There are a number of definitions of mysticism that limit it only to ecstatic oneness with the divine spirit. This is bothering me right now because (coincidentally) I’m in the middle of A.J. Heschel’s book on the prophets, and he is very firm about contrasting prophecy to (and separating it from) mysticism, which he finds limited in that way. Now, I love Heschel, and I find what he has to say about prophecy quite moving and persuasive, but I keep arguing with him in my head about mysticism, which isn’t even his main topic.
nm–
His father was a great Rebbe, but when Heschel became a Rabbi, I believe it was in the late 30s, and around a time many Jews were experiencing existential crisis’s.
I find him interesting on an intellectual level, but on a spiritual level, he leaves me empty.
BTW, we have a program at Sherith Israel where we study with a study partner on Tuesday afternoons, and you’d be more than welcome. We’re also getting ready to start Kabbalah classes again in the evening starting in a few weeks.
Do you know Margot Nash? (Sarah Rivka) She’s my best female friend in Nashville, and is head of Sisterhood at Sherith. She’s Hasidic, and she runs a lot of these classes. I’d be more than happy to tell her about you if you would like to join.
Kat has my phone number, and you can call me for more info, or email me, MissSharonCobb@aol.com.
Kat–
Thanks for answering my question. There’s so much I don’t know about Christian mysticism. It seems to me from the little I’ve read, the Counsel of Nicea struck a lot of parts of the Christian Bible that dealt reincarnation and transmigration and whatnot to control the people.
What’s your take on that?
Different strokes; Heschel’s insights have gotten me through some very difficult times. And thanks for the invite — it sounds like an admirable program, and it amazes me that the Orthodox provide this for women in Nashville while the Conservative don’t. But unfortunately my job is completely inflexible about hours and I can’t get away in the afternoons.
nm–
I used to belong to West End, and rarely were there even get togethers for everyone. For a while, we had a semi private (elitist?) study group with Rabbi Roth and 10 hand picked people, (picked by Roth) but that was several years ago.
The Hasids are very good about outreach, and the Hasidic women are big time into taking control of their own studies and lives.

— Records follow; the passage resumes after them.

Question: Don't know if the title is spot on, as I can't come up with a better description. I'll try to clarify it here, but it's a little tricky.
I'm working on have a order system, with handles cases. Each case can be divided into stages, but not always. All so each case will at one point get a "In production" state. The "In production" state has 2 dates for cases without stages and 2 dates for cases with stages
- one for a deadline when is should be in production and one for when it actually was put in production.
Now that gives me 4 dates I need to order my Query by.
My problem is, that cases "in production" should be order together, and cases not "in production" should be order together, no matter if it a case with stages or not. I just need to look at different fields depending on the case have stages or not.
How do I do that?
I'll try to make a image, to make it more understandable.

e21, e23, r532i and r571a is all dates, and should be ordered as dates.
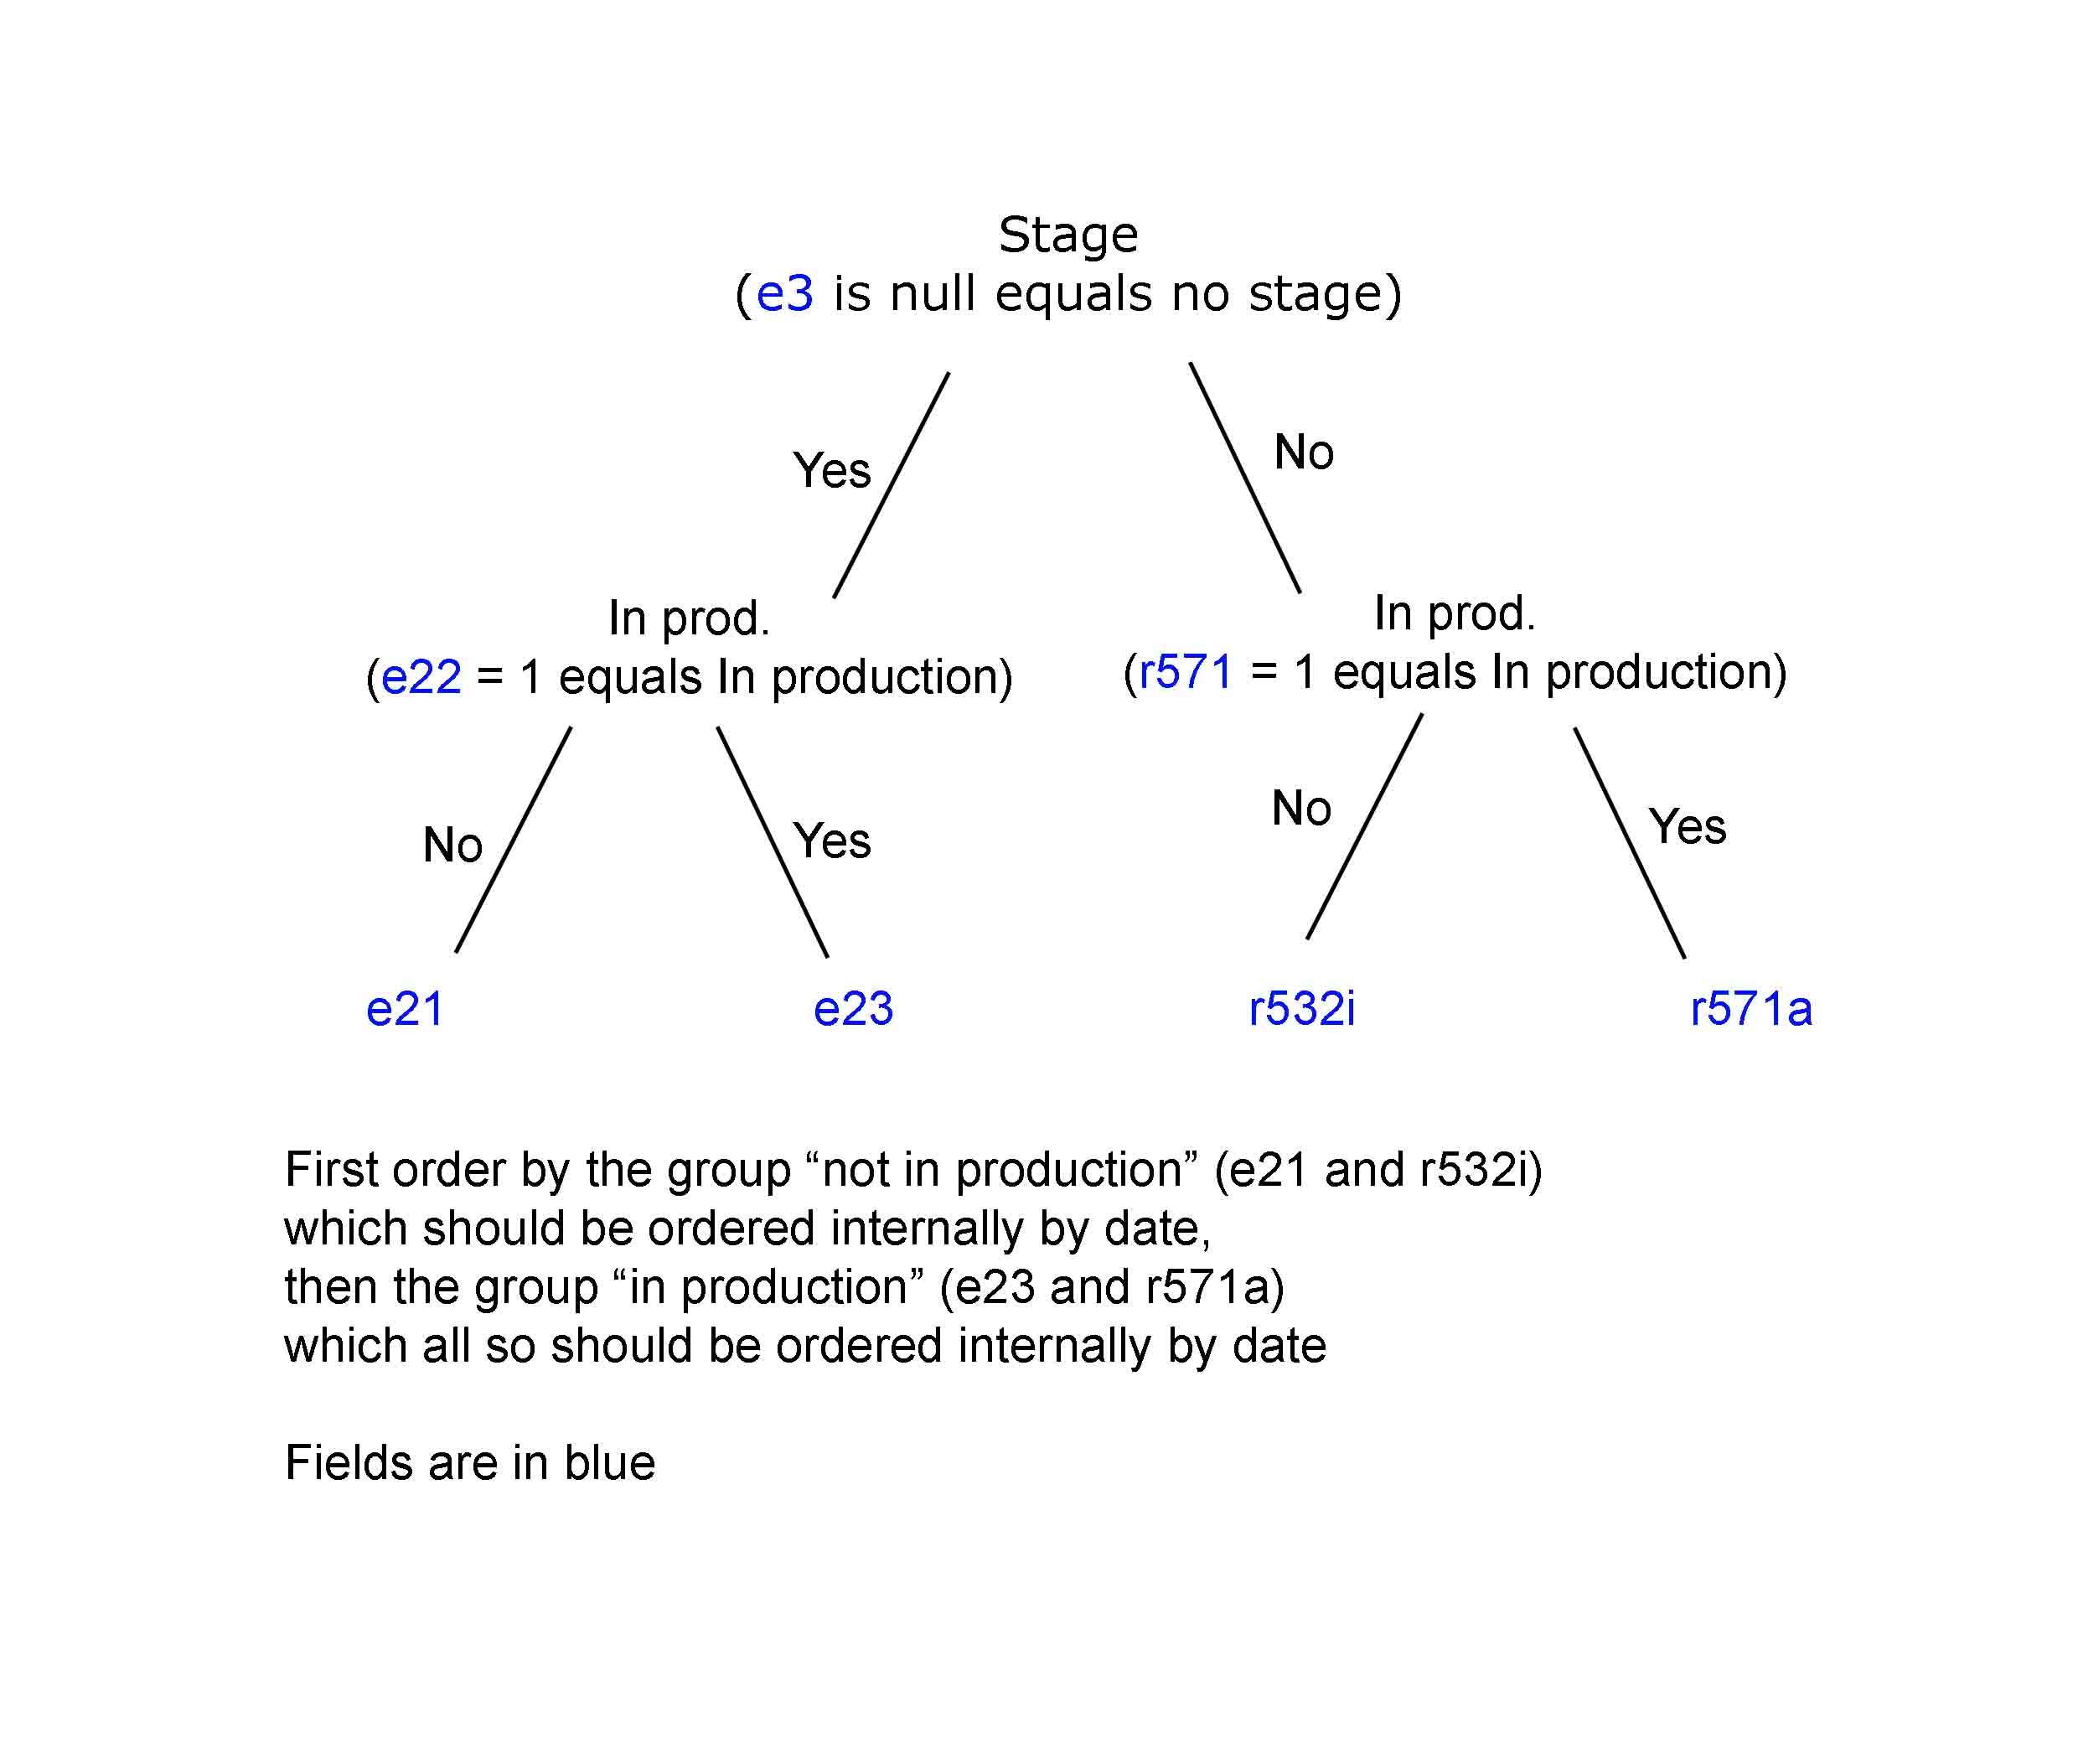
Answer: You can use multiple ifs for selecting and ordering. On large data volumes it might become inefficient, though.
Example:
'''
select id, if( id < 2, if (id > 6, 7, 8), 4 )
from a
order by if( id < 2, if (id > 6, 7, 8), 4 );
+----+------------------------------------+
| id | if( id < 2, if (id > 6, 7, 8), 4 ) |
+----+------------------------------------+
| 2 | 4 |
| 3 | 4 |
| 4 | 4 |
| 5 | 4 |
| 6 | 4 |
| 11 | 4 |
| 12 | 4 |
| 13 | 4 |
| 1 | 8 |
+----+------------------------------------+
'''

Hasids are very big on studying not just Torah, but mysticism. Most of the villages where the Rebbes came from in Russia based their sects on mysticism. (You probably know that…just letting you know in case you didn’t know that)
When we start night classes again in Kabbalah, let me know if you’re interested.
BTW, the women are great and very friendly and never try to push their level of observance on anyone else.
I wear leggings and usually a John Lennon or Beatles tee shirt and don’t cover my hippie hair. It’s all very laid back and fun. They’re very kind.
Please feel free to join us when night classes start.
Um, I should have said that it would amaze me that the Conservative congregation here doesn’t offer study groups if anything about that congregation amazed me any more. And, in keeping with the concept of different strokes for different folks, that’s all I’ll say about that.